In conclusion, our findings underscore the necessity for future public health guidelines to assess long-term weight change trajectory in Chinese adults, as the majority of participants gained weight and transited up to a higher BMI level during follow-up. Furthermore, long-term BMI gain was associated with higher risk of hypertension, whereas, weight loss had contrary relation. As weight loss was less achievable (7.94% of total participants) and involved great BMI variation, our study indicated that prevention of weight gain might be more helpful. Taken together, our study suggested avoiding excessive weight gain and maintaining stable weight might be important for hypertension prevention.

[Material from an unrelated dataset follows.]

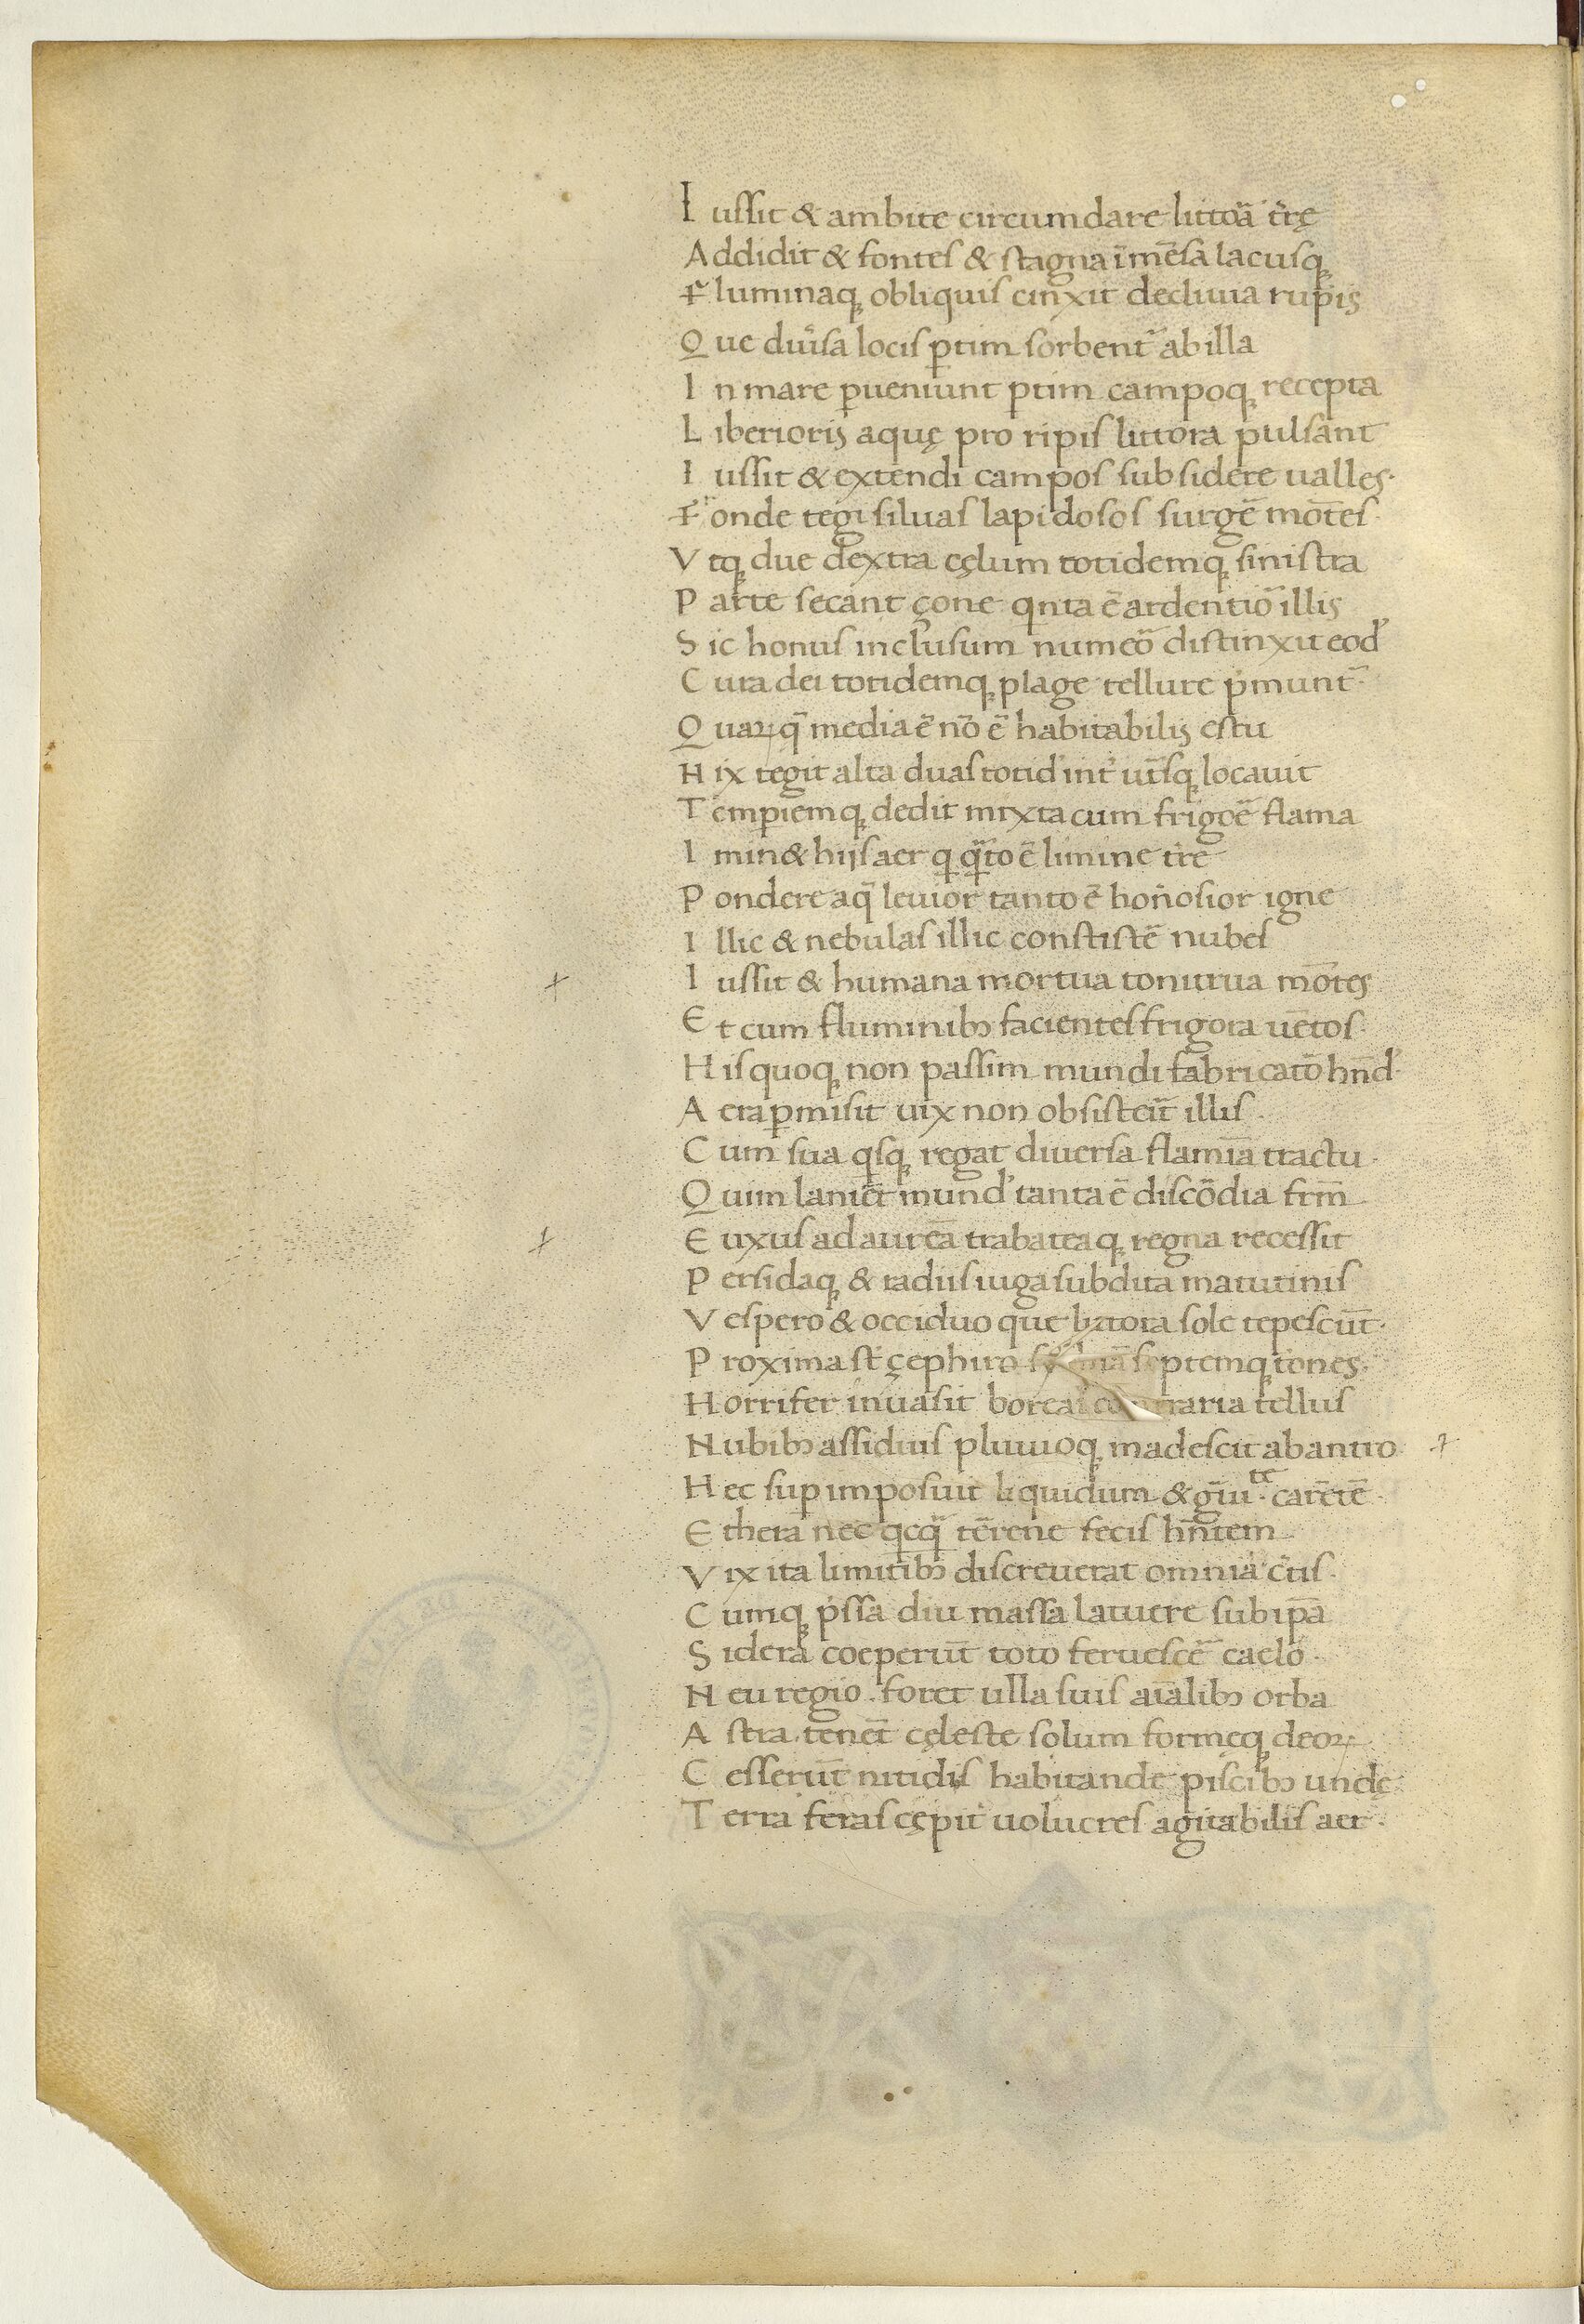
Shelfmark: Paris, BnF, Arsenal ms. 1046
Century: 15

Further studies was warranted to unravel the mechanism underlying the association between BMI change and hypertension and to consider the long-term health consequence of weight loss.
Methods
Study population
The data used in present study was from the CHNS, an ongoing open cohort, which examined a series of economic, sociological, demographic and health questions. The open database, study materials and acknowledgement is available at the website (http://www.cpc.unc.edu/projects/china). A multistage random cluster process was used to draw a sample of about 7200 households with over 30,000 individuals in 15 provinces. CHNS rounds have been achieved in 1989, 1991, 1993, 1997, 2000, 2004, 2006, 2009, 2011 and 2015. Detailed description of study design and procedures was available in the published cohort profile33. All participants signed the informed consent and this study was approved by the institutional review committees of the National Institute of Nutrition and Food Safety, Chinese Center for Disease Control and Prevention, the University of North Carolina at Chapel Hill, and the China-Japan Friendship Hospital, Ministry of Health. All methods were carried out in accordance with relevant guidelines and regulations.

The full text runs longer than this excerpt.